[Answered ]-Django models.IntegerField choices

Your choice is validated by the model, and since that only has 0 as option, it is rejected.

But it is not a good idea to define choices which are derived from (another) model. You can work with a ForeignKey ^[Django-doc] instead:

class StatusBase(models.Model):
    On = "On"
    Off = "Off"
    Status_CHOICES = [
        (On, 'On'),
        (Off, 'Off'),
    ]
    status = models.CharField(max_length=10, choices=Status_CHOICES, default=On)

    class Meta:
        abstract = True


class Person(StatusBase, models.Model):
    type = models.CharField(max_length=127)
    # …


class Class(StatusBase, models.Model):
    name = models.CharField(max_length=255, verbose_name='Class name')
    teacher = models.ForeignKey(
        Person, limit_choices_to={'type': 'Teacher', 'status': 'On'}
    )

Note: Models in Django are written in PascalCase, not snake_case,
so you might want to rename the model from class_info to Class.

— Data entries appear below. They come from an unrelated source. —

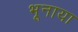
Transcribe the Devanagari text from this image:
भूनाया
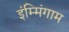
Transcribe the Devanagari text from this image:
इंम्मिंगाम
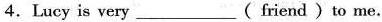
4.Lucy is very___( friend )to me.
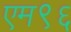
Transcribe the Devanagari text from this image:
एम९६
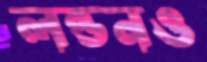
লন্ডনও
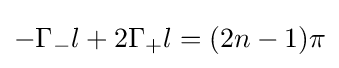
-\Gamma _{-}l+2\Gamma _{+}l=(2n-1)\pi
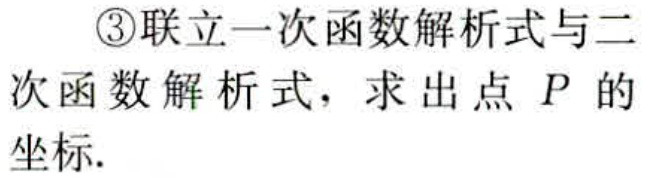
\textcircled{3}联立一次函数解析式与二次函数解析式，求出点 \(P\) 的坐标.

Note: Models normally have no …Info suffix. Therefore it might be better to rename person_info to Person.

Note: normally the name of the fields in a Django model are written in snake_case, not PascalCase, so it should be: name instead of Name.

Note: Normally model fields have no prefix with the name of the model. This makes
queries longer to read, and often want uses inheritance of (abstract) models to
inherit fields, so using a prefix would make it less reusable. Therefore it
might be better to rename your field class_name to name.